Um das zu verhindern, muss die Luftfahrtindustrie genau wie andere Branchen ihre Bemühungen für mehr Nachhaltigkeit beschleunigen. Davon hängt letztendlich auch ihr Überleben ab. Dafür jedoch müssen alle – Hersteller, Zulieferer und Airlines – an einem Strang ziehen und gemeinsam Lösungen erarbeiten. Regierungen und Regulatoren müssen bei erforderlichen Infrastrukturen helfen und die rechtlichen Rahmen festlegen, die für die milliardenschweren Investitionen notwendig sind. Die Branche steht damit vor einer ähnlich großen Herausforderung wie die Pharmaindustrie bei der Entwicklung eines Covid-Impfstoffes. Der Handlungsbedarf ist genauso groß wie in der Pandemie, auch wenn die unmittelbare Bedrohung durch den Klimawandel auf den ersten Blick geringer erscheint.

Nur auf eine Lösung zu setzen kann sich dabei keiner leisten.
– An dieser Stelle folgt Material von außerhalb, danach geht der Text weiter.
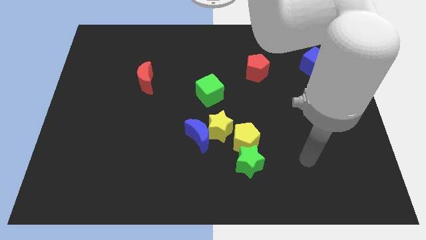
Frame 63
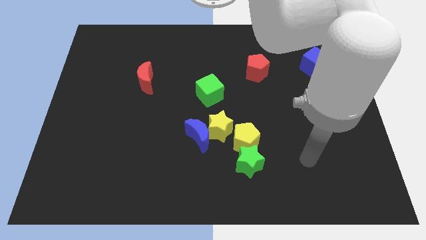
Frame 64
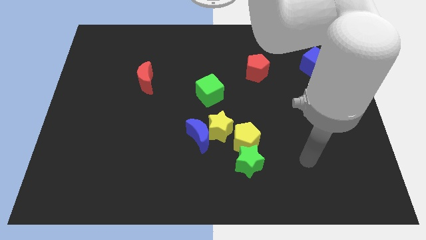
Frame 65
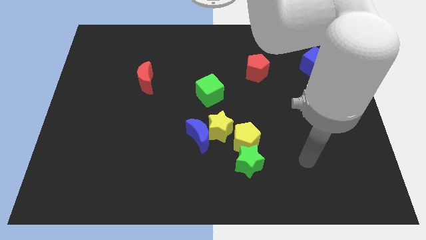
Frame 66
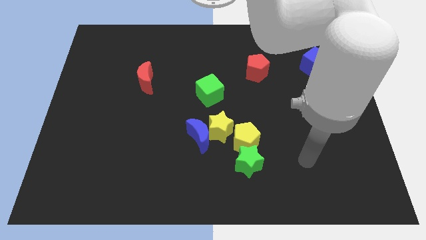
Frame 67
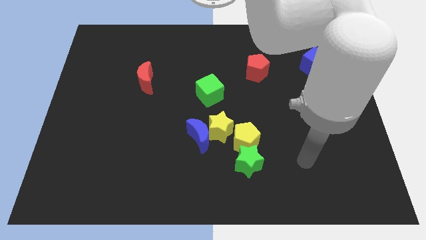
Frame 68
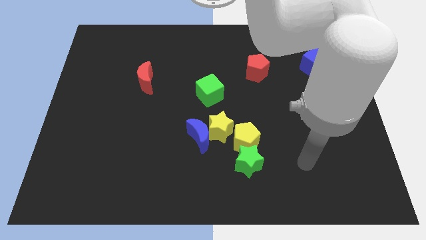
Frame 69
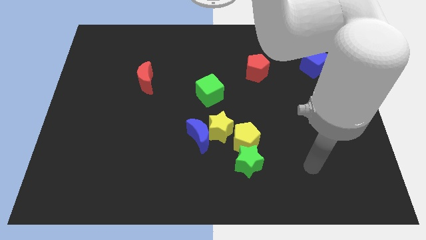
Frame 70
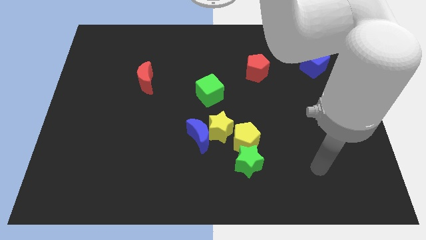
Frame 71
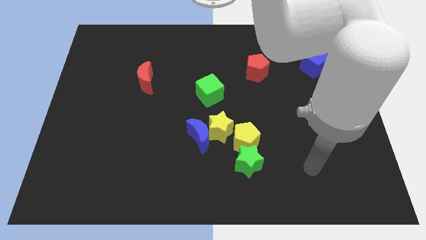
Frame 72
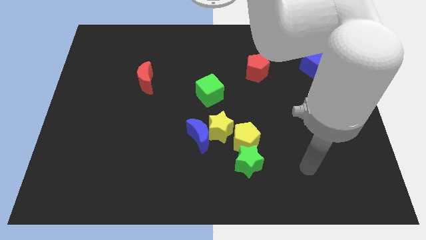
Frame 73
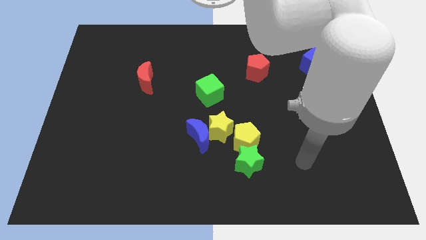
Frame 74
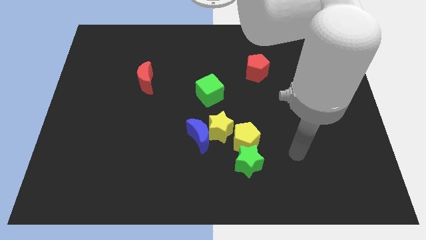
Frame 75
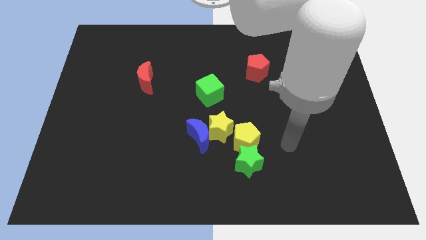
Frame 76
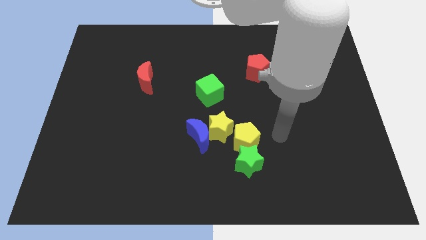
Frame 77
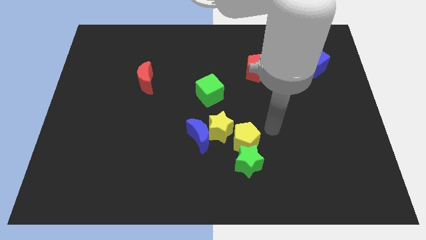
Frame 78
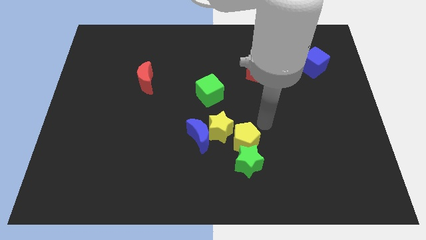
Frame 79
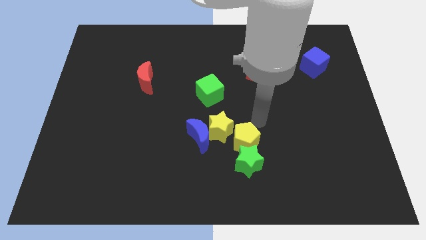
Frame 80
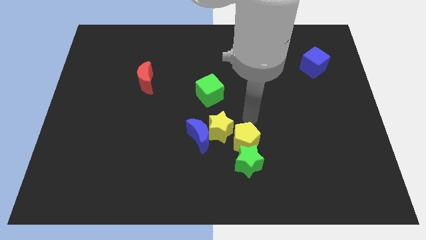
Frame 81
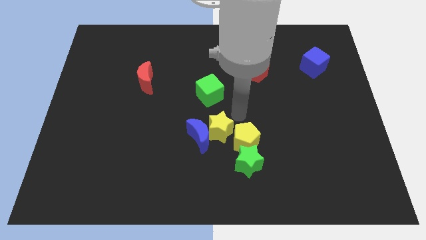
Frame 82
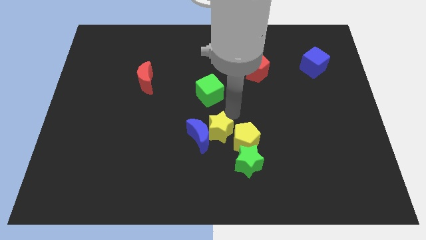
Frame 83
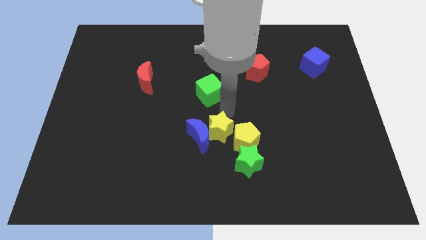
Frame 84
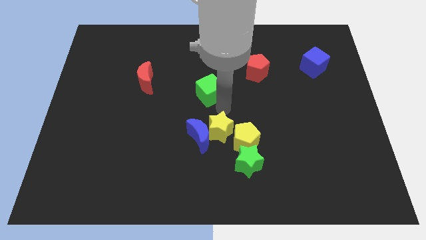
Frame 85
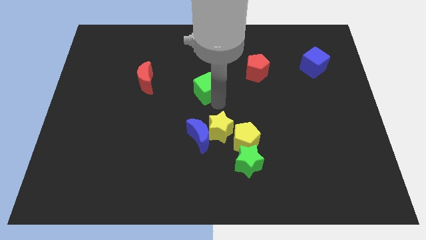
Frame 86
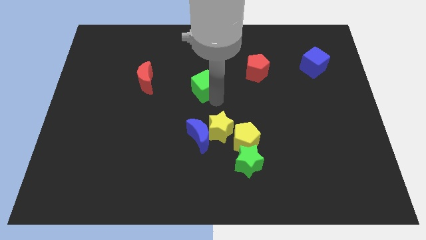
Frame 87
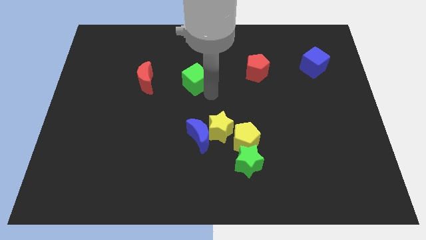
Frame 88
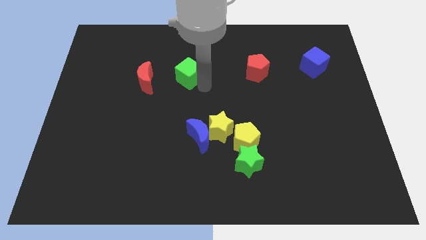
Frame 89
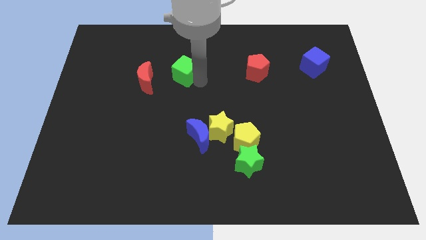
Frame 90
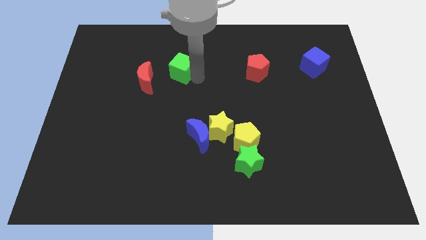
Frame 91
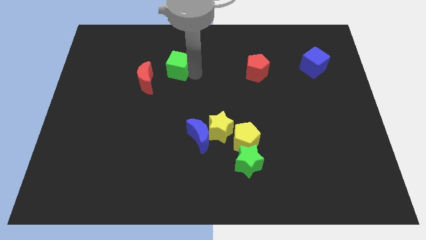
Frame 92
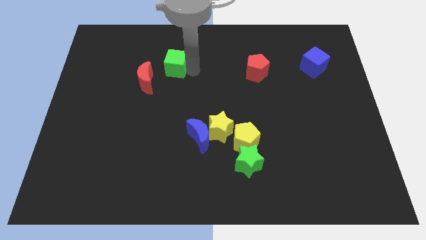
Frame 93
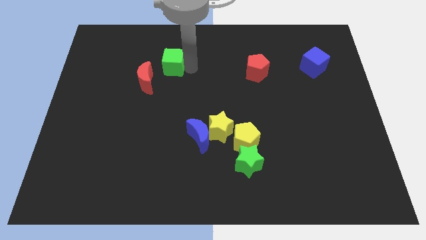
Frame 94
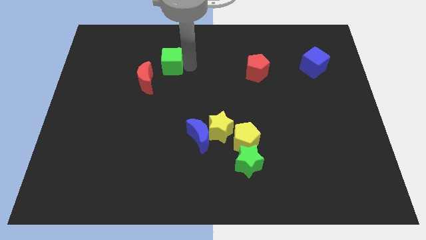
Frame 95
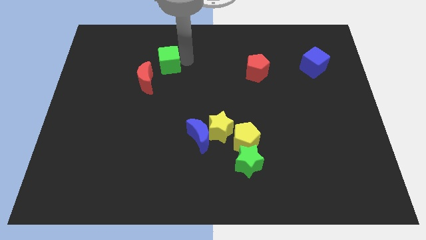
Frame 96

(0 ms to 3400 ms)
push the green cube to the top right of the red crescent
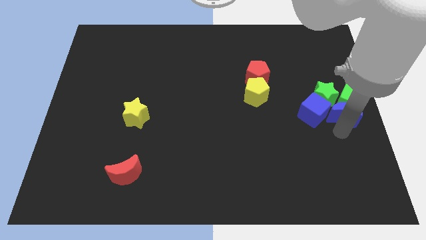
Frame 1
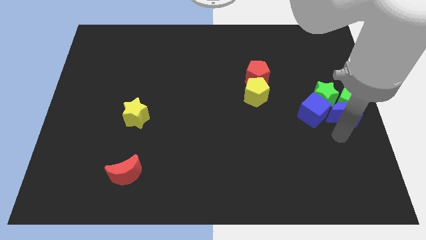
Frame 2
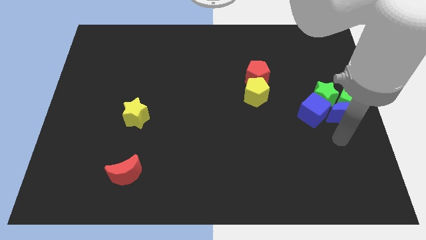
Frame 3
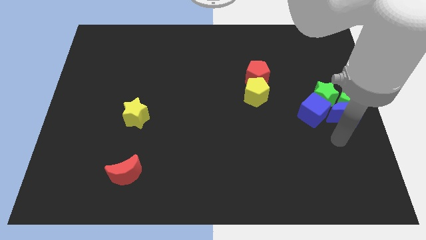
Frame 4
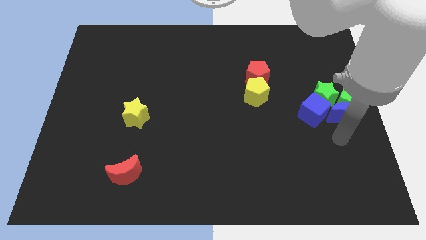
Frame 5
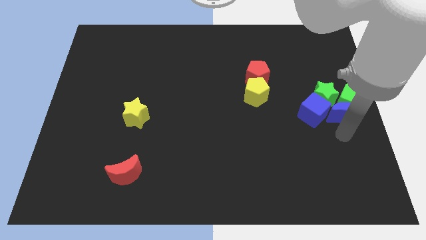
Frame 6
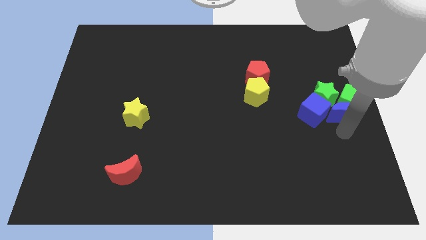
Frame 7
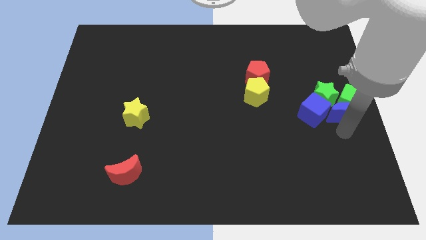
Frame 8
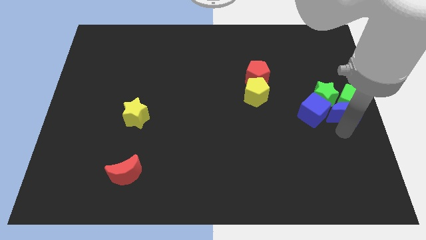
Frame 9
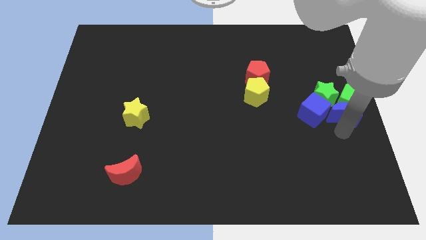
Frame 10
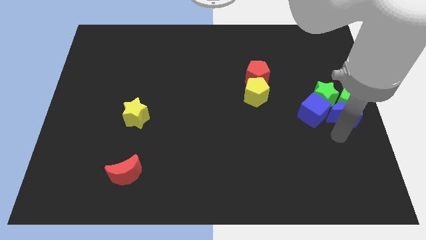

Gefragt sind mehrere Ansätze, auch solche, die sich im Vergleich zu Wasserstoffflugzeugen relativ schnell umsetzen lassen. Airbus setzt deshalb auch auf nachhaltige Treibstoffe, die sogenannten SAF (Sustainable Aviation Fuels). Sind Flugzeuge bereits jetzt dafür zertifiziert, bei den Treibstoffen bis zu 50% SAF zu nutzen, sollen es bis Ende des Jahrzehnts 100% sein. Das Klimapaket der Europäischen Union enthält konkrete Vorgaben für die SAF-Beimischung, und die USA wollen kräftig in den Ausbau der Produktionskapazitäten investieren. Das wird auch Zeit, denn bisher stehen die nachhaltigen Treibstoffe nicht in ausreichender Menge zur Verfügung. Gleichzeitig sind sie noch viel zu teuer. Es gibt also viel zu tun.